Exercise prompt = Pictures should be left out when the listing below is repeated word for word.

Source records =
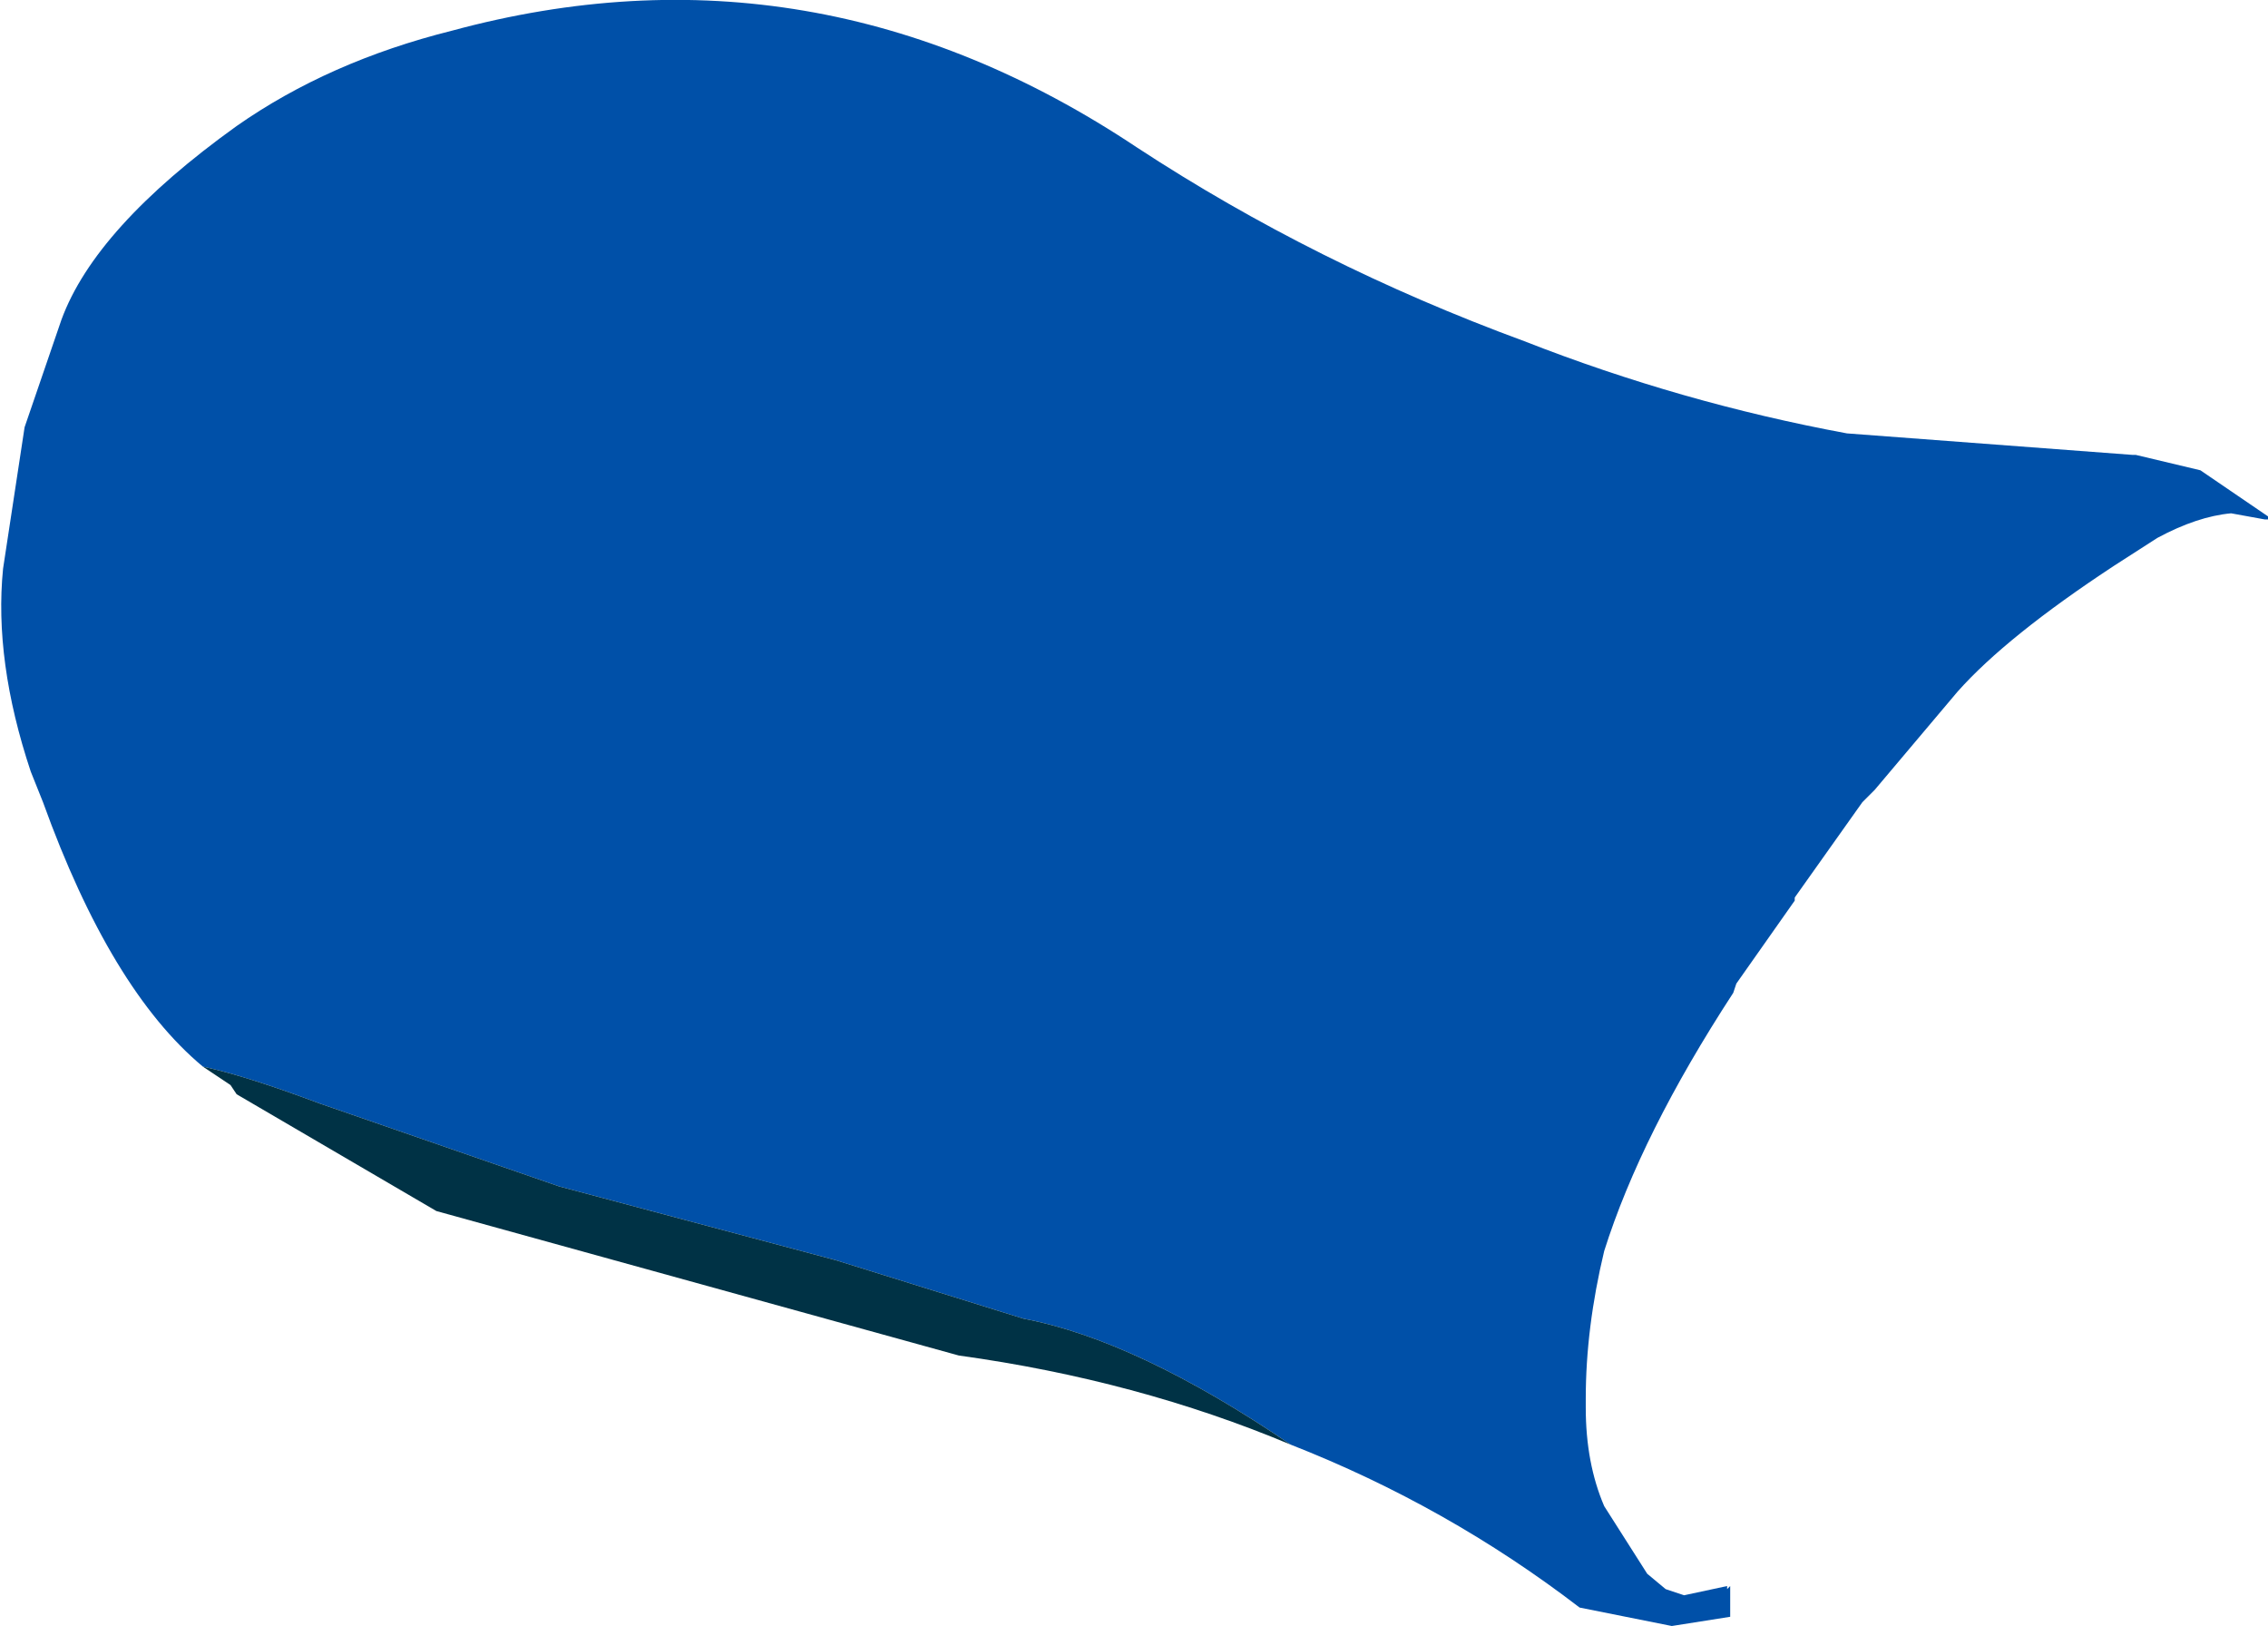 <?xml version="1.0" encoding="UTF-8" standalone="no"?>
<svg xmlns:xlink="http://www.w3.org/1999/xlink" height="26.45px" width="36.9px" xmlns="http://www.w3.org/2000/svg">
  <g transform="matrix(1.0, 0.0, 0.0, 1.0, 6.75, 1.4)">
    <path d="M-3.45 15.95 Q-4.95 14.7 -6.05 11.65 L-6.25 11.15 Q-6.85 9.35 -6.7 7.85 L-6.35 5.55 -5.75 3.8 Q-5.2 2.3 -2.9 0.65 -1.4 -0.4 0.6 -0.9 6.5 -2.5 11.75 1.0 14.65 2.9 18.05 4.15 20.6 5.15 23.3 5.65 L27.95 6.0 28.0 6.0 29.05 6.25 30.15 7.0 30.15 7.05 30.1 7.05 29.55 6.95 Q29.0 7.0 28.35 7.35 L27.65 7.8 Q25.9 8.95 25.1 9.85 L23.75 11.45 23.55 11.65 22.45 13.2 22.45 13.25 21.5 14.6 21.45 14.75 Q19.95 17.05 19.35 18.95 19.05 20.2 19.05 21.35 L19.05 21.5 Q19.05 22.4 19.35 23.1 L20.05 24.2 20.35 24.45 20.65 24.55 21.35 24.4 21.35 24.45 21.4 24.4 21.4 24.9 20.45 25.05 18.95 24.75 Q16.8 23.1 14.25 22.1 11.75 20.4 9.9 20.05 L6.85 19.1 2.35 17.9 -1.55 16.55 Q-2.75 16.1 -3.45 15.95" fill="#0050a8" fill-rule="evenodd" stroke="none"/>
    <path d="M-3.45 15.95 Q-2.75 16.1 -1.55 16.55 L2.35 17.9 6.85 19.1 9.9 20.05 Q11.75 20.4 14.25 22.1 11.75 21.05 8.85 20.65 L0.35 18.3 -2.9 16.4 -3.0 16.25 -3.45 15.95" fill="#003245" fill-rule="evenodd" stroke="none"/>
  </g>
</svg>

Answer space =
 <?xml version="1.0" encoding="UTF-8" standalone="no"?>
<svg xmlns:xlink="http://www.w3.org/1999/xlink" height="26.45px" width="36.9px" xmlns="http://www.w3.org/2000/svg">
  <g transform="matrix(1.0, 0.0, 0.0, 1.0, 6.75, 1.4)">
    <path d="M-3.45 15.95 Q-4.95 14.7 -6.05 11.65 L-6.25 11.15 Q-6.85 9.35 -6.7 7.85 L-6.35 5.55 -5.75 3.8 Q-5.2 2.3 -2.9 0.65 -1.4 -0.4 0.6 -0.9 6.5 -2.5 11.75 1.0 14.65 2.9 18.05 4.15 20.6 5.15 23.3 5.65 L27.95 6.0 28.0 6.0 29.05 6.25 30.15 7.0 30.15 7.05 30.1 7.05 29.55 6.95 Q29.0 7.0 28.35 7.35 L27.65 7.8 Q25.9 8.95 25.1 9.85 L23.75 11.45 23.55 11.65 22.45 13.2 22.45 13.25 21.5 14.6 21.45 14.75 Q19.95 17.05 19.35 18.95 19.05 20.2 19.05 21.35 L19.05 21.5 Q19.05 22.4 19.35 23.1 L20.05 24.2 20.35 24.45 20.65 24.55 21.35 24.4 21.35 24.45 21.4 24.4 21.4 24.9 20.45 25.05 18.95 24.75 Q16.8 23.1 14.25 22.1 11.75 20.4 9.9 20.05 L6.85 19.1 2.35 17.9 -1.55 16.55 Q-2.75 16.1 -3.45 15.95" fill="#0050a8" fill-rule="evenodd" stroke="none"/>
    <path d="M-3.45 15.95 Q-2.75 16.1 -1.55 16.55 L2.35 17.9 6.85 19.1 9.9 20.05 Q11.75 20.4 14.25 22.1 11.75 21.05 8.85 20.65 L0.35 18.3 -2.9 16.4 -3.0 16.25 -3.45 15.95" fill="#003245" fill-rule="evenodd" stroke="none"/>
  </g>
</svg>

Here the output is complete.